#### [SUPPLIED ENTRIES]
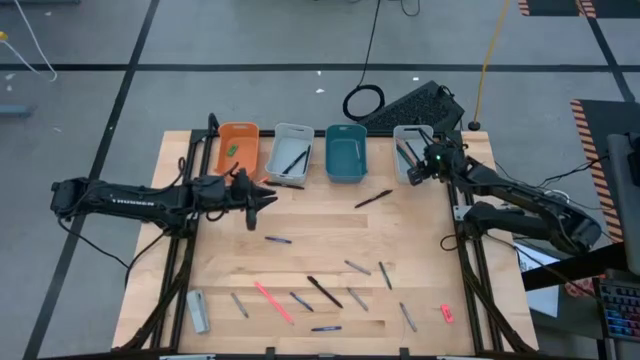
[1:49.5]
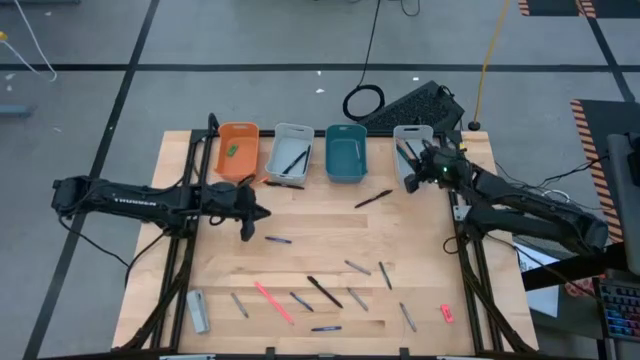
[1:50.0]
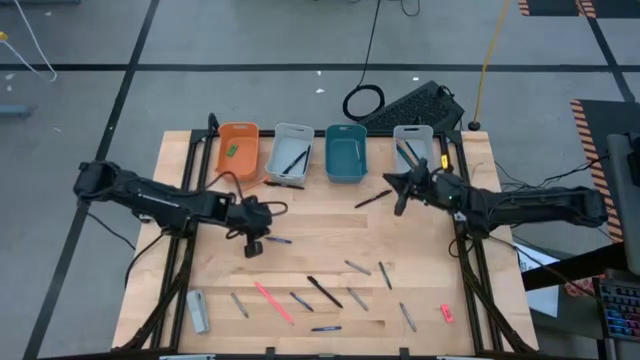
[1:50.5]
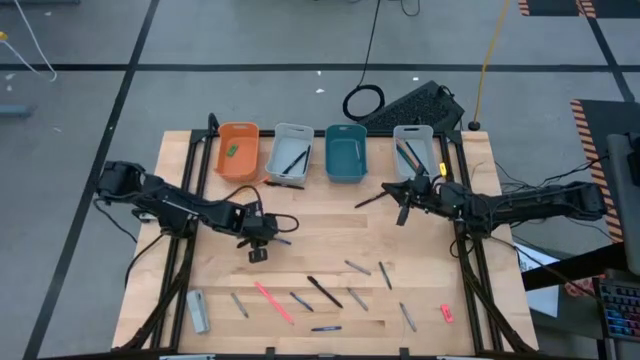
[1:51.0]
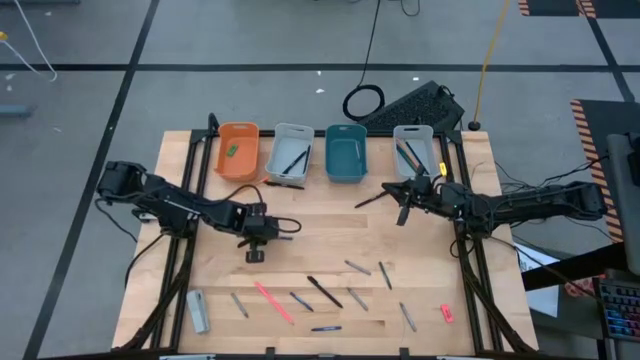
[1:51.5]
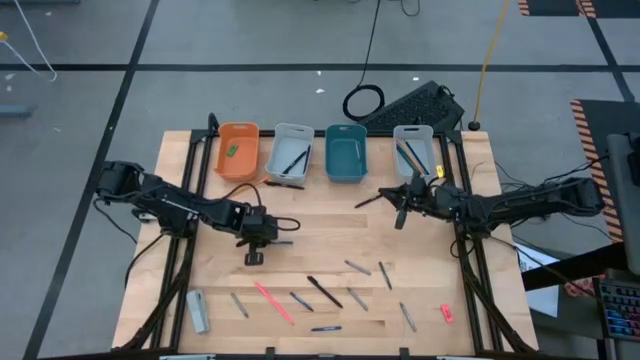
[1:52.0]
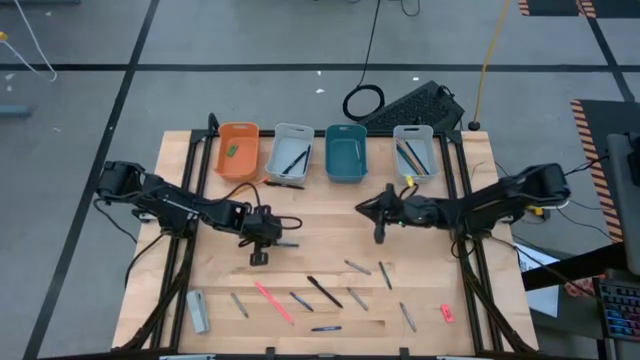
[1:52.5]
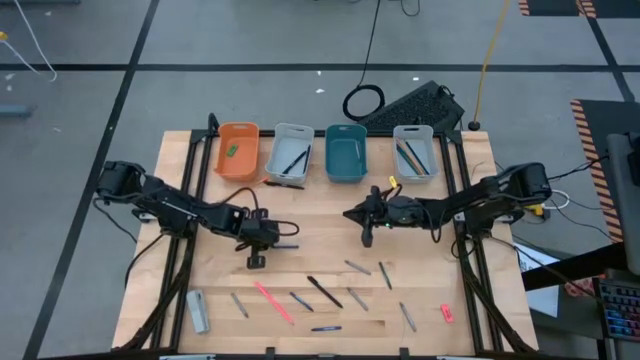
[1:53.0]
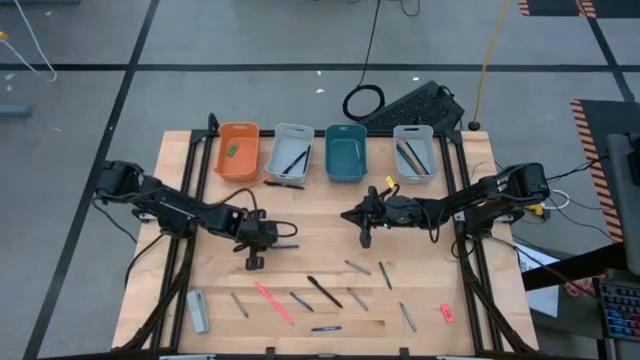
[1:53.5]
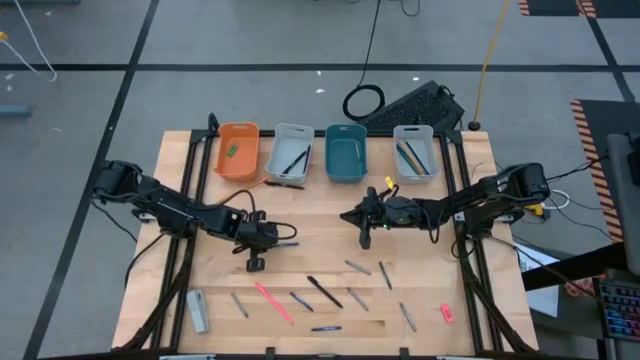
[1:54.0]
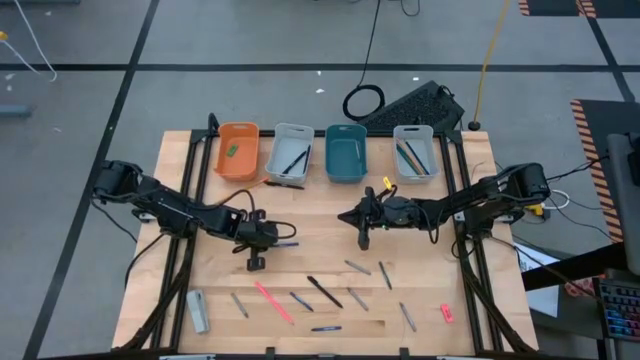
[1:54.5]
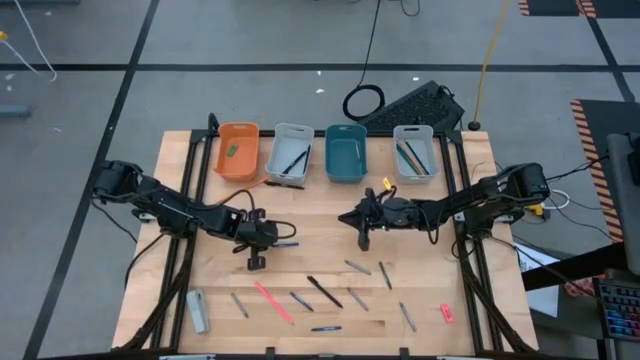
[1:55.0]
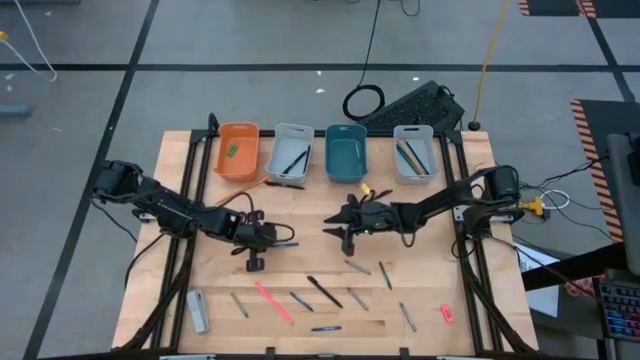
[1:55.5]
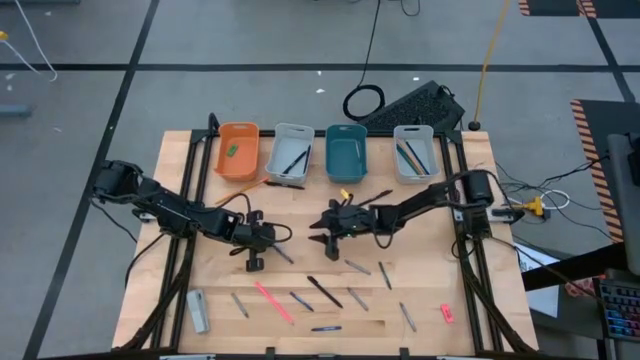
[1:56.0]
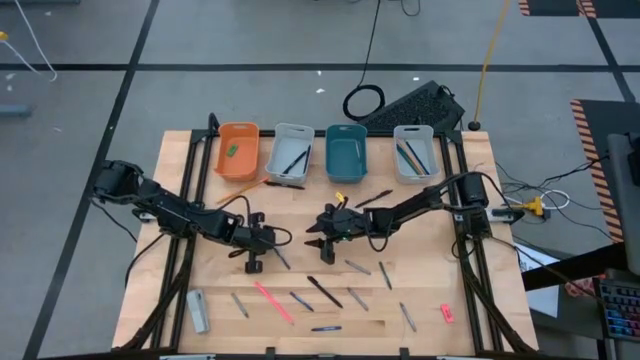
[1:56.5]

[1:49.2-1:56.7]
Put the blue crayon into the blue bin

#### [WHAT YOU SHOULD DO]
Set the listing above down again exactly, leaving pictures out.

#### [RESPONSE TO THIS EXERCISE]
[1:49.5]
[1:50.0]
[1:50.5]
[1:51.0]
[1:51.5]
[1:52.0]
[1:52.5]
[1:53.0]
[1:53.5]
[1:54.0]
[1:54.5]
[1:55.0]
[1:55.5]
[1:56.0]
[1:56.5]

[1:49.2-1:56.7]
Put the blue crayon into the blue bin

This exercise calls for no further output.